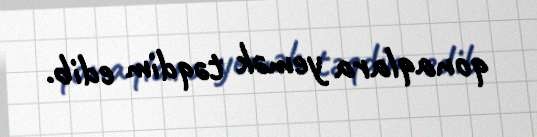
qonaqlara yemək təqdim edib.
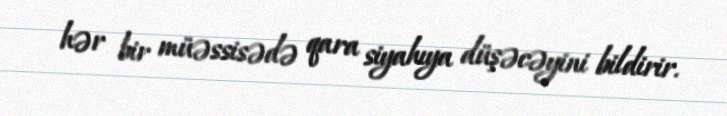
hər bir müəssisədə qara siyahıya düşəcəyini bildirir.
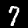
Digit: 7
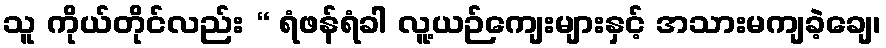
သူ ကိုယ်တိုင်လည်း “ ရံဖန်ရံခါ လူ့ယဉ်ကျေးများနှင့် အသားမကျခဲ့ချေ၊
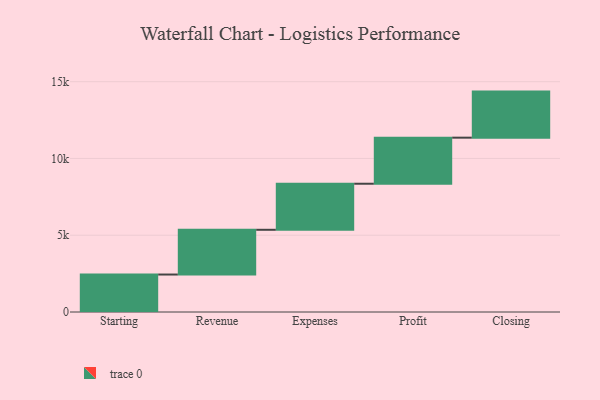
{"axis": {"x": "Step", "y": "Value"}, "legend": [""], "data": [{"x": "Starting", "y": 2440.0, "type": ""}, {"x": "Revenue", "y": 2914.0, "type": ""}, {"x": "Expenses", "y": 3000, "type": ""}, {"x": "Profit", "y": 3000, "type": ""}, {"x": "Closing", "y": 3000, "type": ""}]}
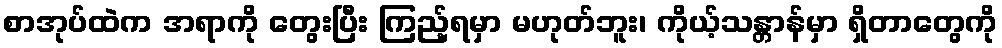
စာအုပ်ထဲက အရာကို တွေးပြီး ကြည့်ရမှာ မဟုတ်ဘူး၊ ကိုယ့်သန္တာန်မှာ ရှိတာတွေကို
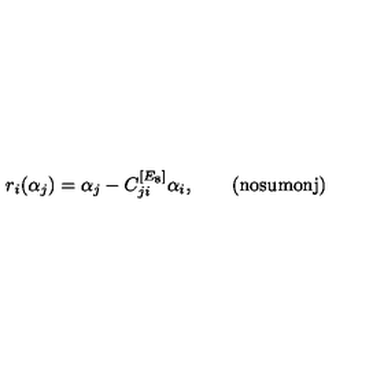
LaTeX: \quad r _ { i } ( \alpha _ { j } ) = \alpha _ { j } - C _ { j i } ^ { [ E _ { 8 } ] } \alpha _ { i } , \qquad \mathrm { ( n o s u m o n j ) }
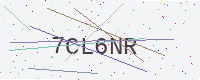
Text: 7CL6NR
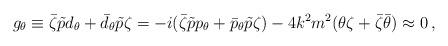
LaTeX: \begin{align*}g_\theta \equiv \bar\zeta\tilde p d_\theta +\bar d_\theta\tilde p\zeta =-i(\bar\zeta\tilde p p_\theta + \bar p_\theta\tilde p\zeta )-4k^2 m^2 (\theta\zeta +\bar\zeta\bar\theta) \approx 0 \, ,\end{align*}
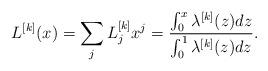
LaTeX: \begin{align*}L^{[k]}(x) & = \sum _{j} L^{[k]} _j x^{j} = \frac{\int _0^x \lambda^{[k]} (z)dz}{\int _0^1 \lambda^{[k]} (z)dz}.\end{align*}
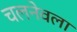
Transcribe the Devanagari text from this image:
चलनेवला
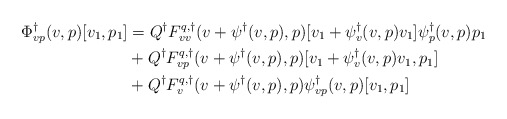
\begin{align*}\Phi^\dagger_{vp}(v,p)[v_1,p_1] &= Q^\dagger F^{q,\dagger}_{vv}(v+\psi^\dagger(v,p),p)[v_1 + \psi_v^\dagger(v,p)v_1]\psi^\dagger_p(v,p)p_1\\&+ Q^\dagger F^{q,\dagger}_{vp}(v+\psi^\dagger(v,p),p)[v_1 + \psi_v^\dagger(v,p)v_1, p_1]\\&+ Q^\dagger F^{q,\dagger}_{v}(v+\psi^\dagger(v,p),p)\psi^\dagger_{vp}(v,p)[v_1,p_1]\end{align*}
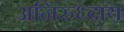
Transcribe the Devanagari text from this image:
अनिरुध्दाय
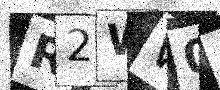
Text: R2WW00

----------

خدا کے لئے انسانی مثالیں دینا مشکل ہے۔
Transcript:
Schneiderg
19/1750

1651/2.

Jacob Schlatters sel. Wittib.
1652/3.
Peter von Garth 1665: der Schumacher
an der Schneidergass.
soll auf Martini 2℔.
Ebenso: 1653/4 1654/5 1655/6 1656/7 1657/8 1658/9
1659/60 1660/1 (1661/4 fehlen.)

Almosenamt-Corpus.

----------

• What is needed
Word for word, restate the lines above from the one with "qonaqlara yemək təqdim edib." through the one with "စာအုပ်ထဲက အရာကို တွေးပြီး", keeping both ends and dropping the pictures.

• Solution to this problem
qonaqlara yemək təqdim edib.
hər bir müəssisədə qara siyahıya düşəcəyini bildirir.
Digit: 7
သူ ကိုယ်တိုင်လည်း “ ရံဖန်ရံခါ လူ့ယဉ်ကျေးများနှင့် အသားမကျခဲ့ချေ၊
{"axis": {"x": "Step", "y": "Value"}, "legend": [""], "data": [{"x": "Starting", "y": 2440.0, "type": ""}, {"x": "Revenue", "y": 2914.0, "type": ""}, {"x": "Expenses", "y": 3000, "type": ""}, {"x": "Profit", "y": 3000, "type": ""}, {"x": "Closing", "y": 3000, "type": ""}]}
စာအုပ်ထဲက အရာကို တွေးပြီး ကြည့်ရမှာ မဟုတ်ဘူး၊ ကိုယ့်သန္တာန်မှာ ရှိတာတွေကို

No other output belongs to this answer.